I've used Dynamic Time Warping algorithms to produce distance matrices and find the differences between two arrays. However, is there an algorithm that can actually warp one array to be like the other (as an end result I'm looking to warp one video to be like another i.e. working with multidimensional arrays).
Context: I have many videos of people doing golf swings and I need to analyse them in terms of similarity. However, many of the swings are in slow motion whilst some are in real time. On top of this, the clips start and stop at varying times before and after the swing and each of the videos have the golfer standing in different positions in the frame itself.
However, for explanation's sake, take the following simple example:
a = [1, 2, 3]
b = [1, 1, 2, 2, 3, 3]
Becomes:
a = [1, 2, 3]
b = [1, 2, 3]
When b
is warped to be like a
.
Explanation: b
is just a time dilated version of a
e.g. a slow motion version of a video
Here's another example:
a = [1, 2, 3]
b = [3, 4, 6]
Becomes:
a = [1, 2, 3]
b = [1, 2, 4]
When b
is warped to be like a
.
Explanation: b
is just a time translated version of a
with a bit of error e.g. a video taken from a lower height and angle
My end goal would be an algorithm that could combine both the dilation and translation into one, if that's possible
If I remember correctly, dynamic time warping is a dynamic programming algorithm. As such, if you imagine the algorithm as running on a matrix, where the rows are the letters of string a and the columns are the letters of string b, the scores are computed one cell at a time row by row through the matrix.
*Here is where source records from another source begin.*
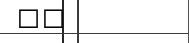
٩١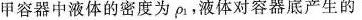
甲容器中液体的密度为\rho _ { 1 }，液体对容器底产生的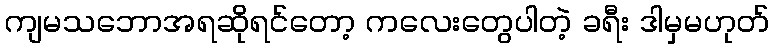
ကျမသဘောအရဆိုရင်တော့ ကလေးတွေပါတဲ့ ခရီး ဒါမှမဟုတ်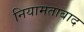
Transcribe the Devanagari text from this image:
नियामताबाद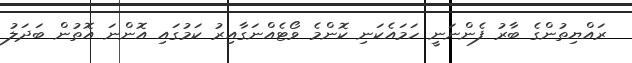
ރައްޔިތުންގެ ބާރު ފެންނަނީ ހަމައެކަނި ކޮންމެ ވޯޓެއްނަގާއިރު ކަމުގައި އޮންނަ އޮތުން ބަދަލު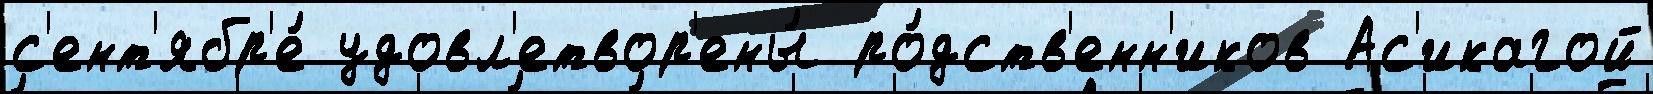
с'ент'ябр'е́ удовл'етвор'ены́ ро́дств'енн'иков Ас'икагой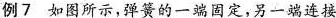
例7 如图所示，弹簧的一端固定，另一端连接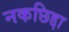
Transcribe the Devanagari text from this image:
नकछिद्दा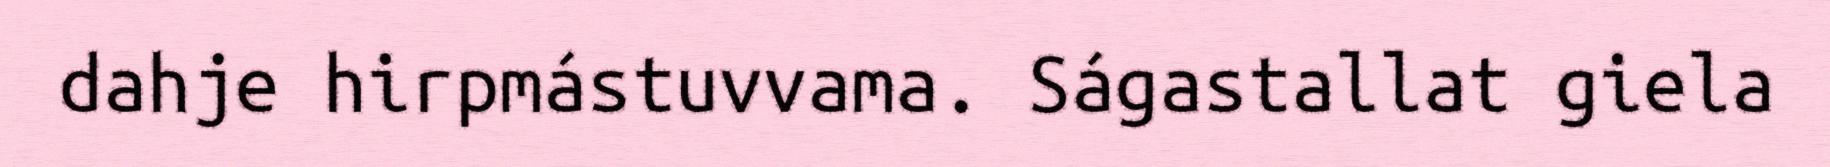
dahje hirpmástuvvama. Ságastallat giela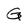
Character: G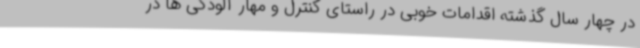
در چهار سال گذشته اقدامات خوبی در راستای کنترل و مهار آلودگی ها در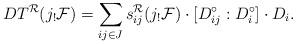
LaTeX: \begin{align*}DT^{\cal R}(j_!{\cal F})=\sum_{ij\in J}s_{ij}^{\cal R}(j_!{\cal F})\cdot [D_{ij}^\circ:D_i^\circ]\cdot D_i.\end{align*}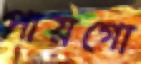
পায়গো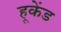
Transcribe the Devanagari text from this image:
हूकेंड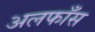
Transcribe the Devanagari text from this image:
अलफाँस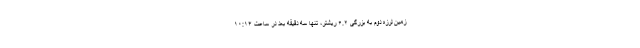
زمین لرزه دوم به بزرگی ۶.۲ ریشتر، تنها سه دقیقه بعد در ساعت ۱۰:۱۴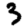
Digit: 3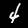
Label: 4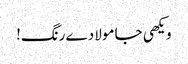
ویکھی جا مولا دے رنگ!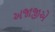
અજાજીએ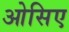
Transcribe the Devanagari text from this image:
ओसिए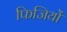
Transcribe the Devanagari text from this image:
फिजियों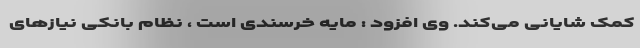
کمک شایانی می‌کند. وی افزود : مایه خرسندی است ، نظام بانکی نیازهای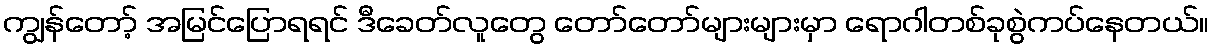
ကျွန်တော့် အမြင်ပြောရရင် ဒီခေတ်လူတွေ တော်တော်များများမှာ ရောဂါတစ်ခုစွဲကပ်နေတယ်။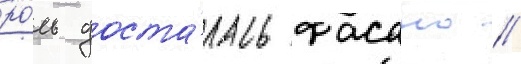
ро́ль доста́лась фасано //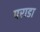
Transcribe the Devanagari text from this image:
पराडा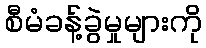
စီမံခန့်ခွဲမှုများကို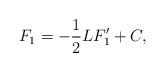
LaTeX: \begin{align*} F_1 = -\frac12 L F_1' + C,\end{align*}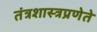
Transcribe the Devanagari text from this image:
तंत्रशास्त्रप्रणेते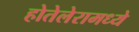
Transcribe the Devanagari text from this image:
होतेलेरामध्ये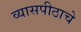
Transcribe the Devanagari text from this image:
व्यासपीठाचे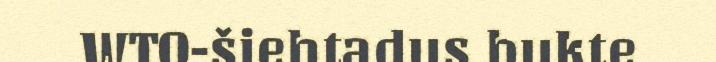
WTO-šiehtadus bukte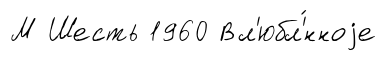
М Шесть 1960 Вл'юбл'́нноjе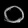
Digit: ၀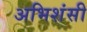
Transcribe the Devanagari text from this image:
अभिशंसी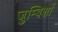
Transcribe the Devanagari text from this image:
जुम्बिशों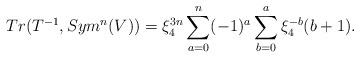
LaTeX: \begin{align*}Tr(T^{-1}, Sym^n(V)) &= \xi_4^{3n} \sum_{a=0}^n (-1)^{a} \sum_{b=0}^a \xi_4^{-b}(b+1). \end{align*}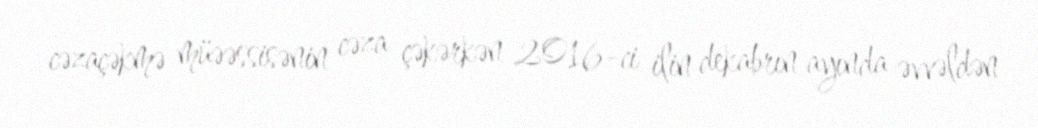
cəzaçəkmə müəəssisənin cəza çəkərkən 2016-ci ilin dekabrın ayında əvvəldən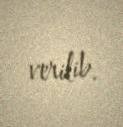
verilib.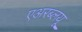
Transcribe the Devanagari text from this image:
एअरब्लयू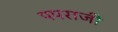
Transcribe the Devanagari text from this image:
पपराजी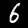
Label: 6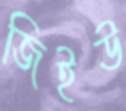
জিইউ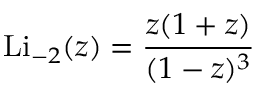
\operatorname { L i } _ { - 2 } ( z ) = { \frac { z ( 1 + z ) } { ( 1 - z ) ^ { 3 } } }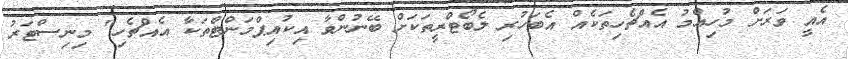
އެއީ ވަރަށް މުހިއްމު އެއްޗެހިތަކެއް އެބަހުރި ލެބޯޓްރީތަކަށް ބޭނުންވާ އިކުއިޕްމަންޓްތަކާ އެއްޗެހި" މިނިސްޓަރު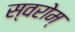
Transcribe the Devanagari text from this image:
स्वरोम्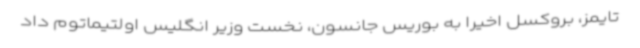
تایمز، بروکسل اخیرا به بوریس جانسون، نخست وزیر انگلیس اولتیماتوم داد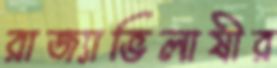
রাজ্যাভিলাষীর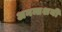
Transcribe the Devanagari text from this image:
अनन्तशयी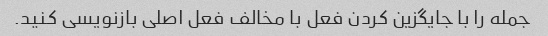
جمله را با جایگزین کردن فعل با مخالف فعل اصلی بازنویسی کنید.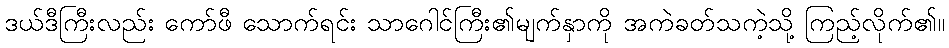
ဒယ်ဒီကြီးလည်း ကော်ဖီ သောက်ရင်း သာဂေါင်ကြီး၏မျက်နှာကို အကဲခတ်သကဲ့သို့ ကြည့်လိုက်၏။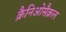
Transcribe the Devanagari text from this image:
क्रैनिओसैक्रल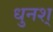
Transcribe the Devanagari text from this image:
धुनश्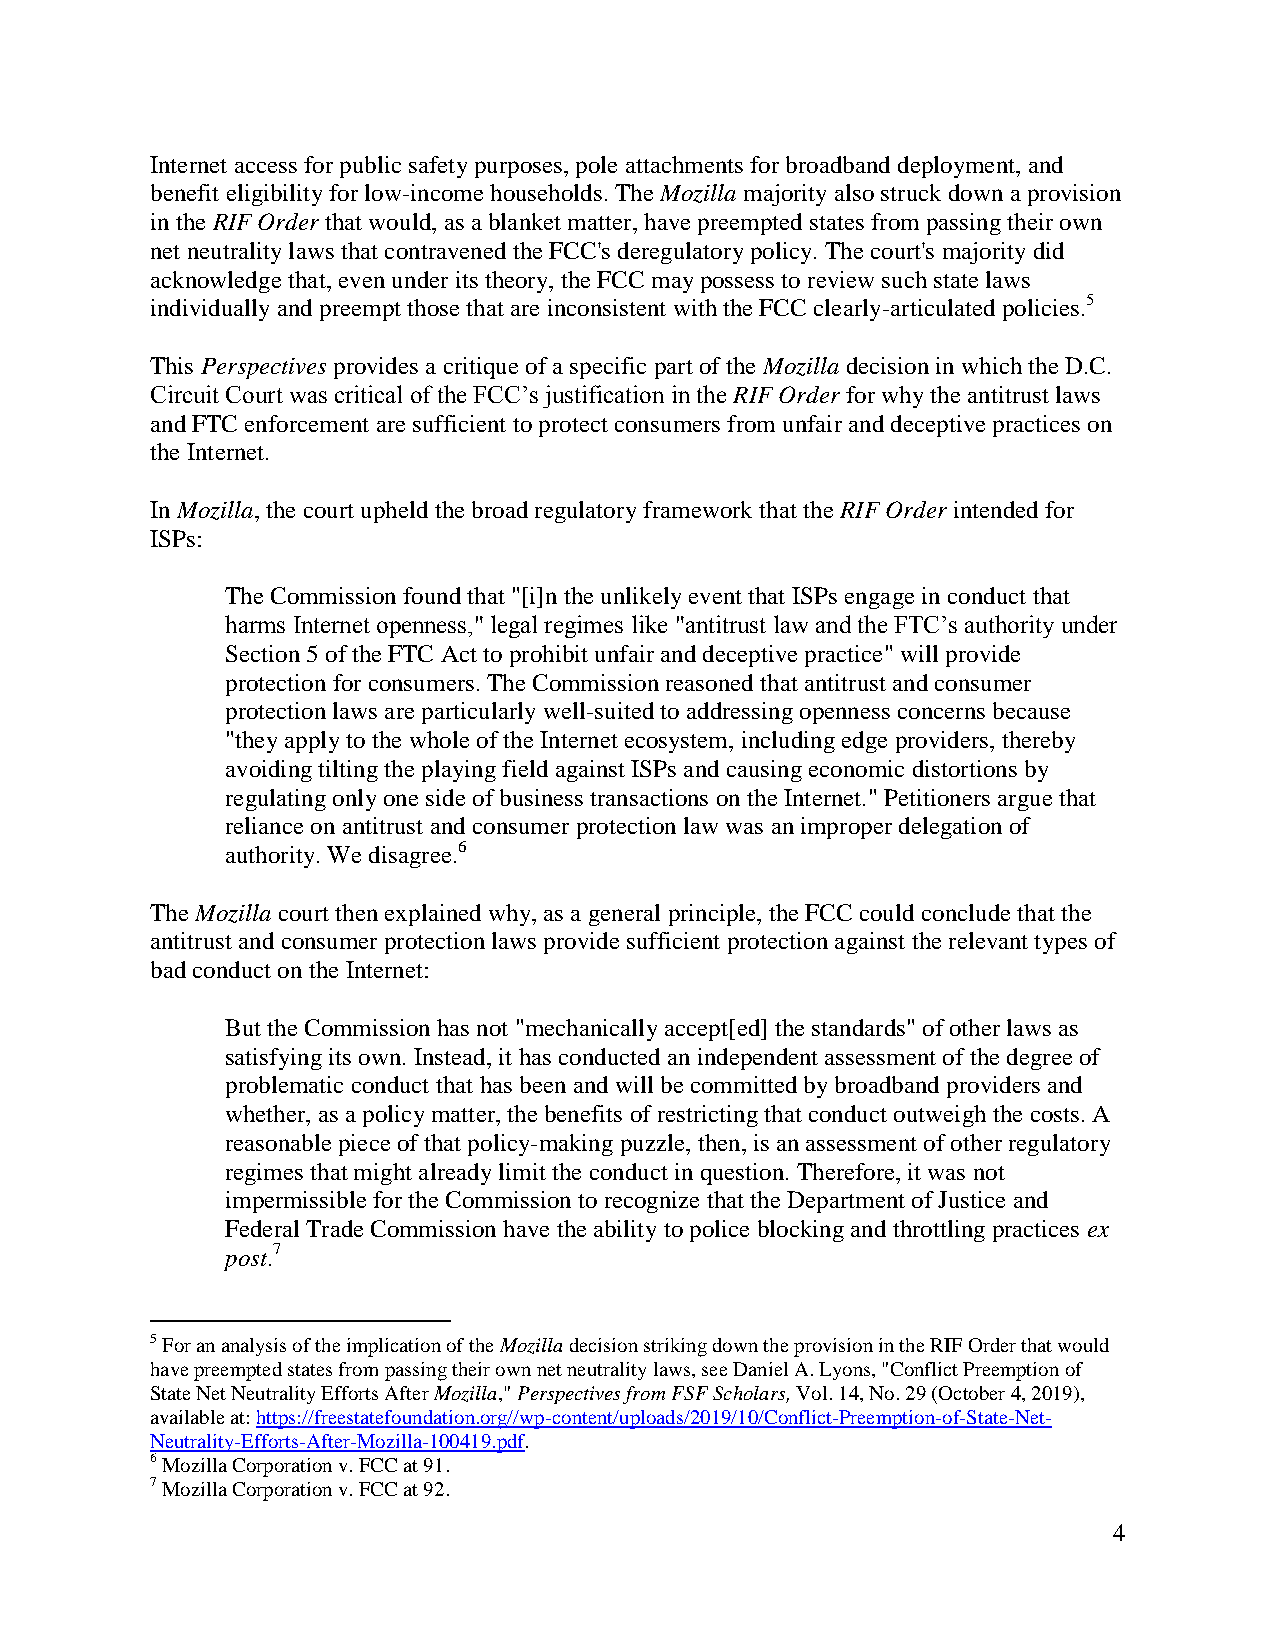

If in addition to the score, you store at each cell a pointer going back to the cell that score is derived from, then you can use back propagation through the distance matrix to reconstruct a path that gives the best score.
Back propagation just finds a path through those pointers back from the end cell of the matrix to the start cell with depth first search.
To map one string to another, you look at the directions those pointers take, horizontal ones add to one string, vertical strings remove from that string (add to the other) (alternately, both horizontal and vertical add to one string + remove from the other), and diagonals match the letters in both strings.
This is a very standard approach for dynamic programming algorithms in general, so I bet it can be tailored to work for dynamic time warping.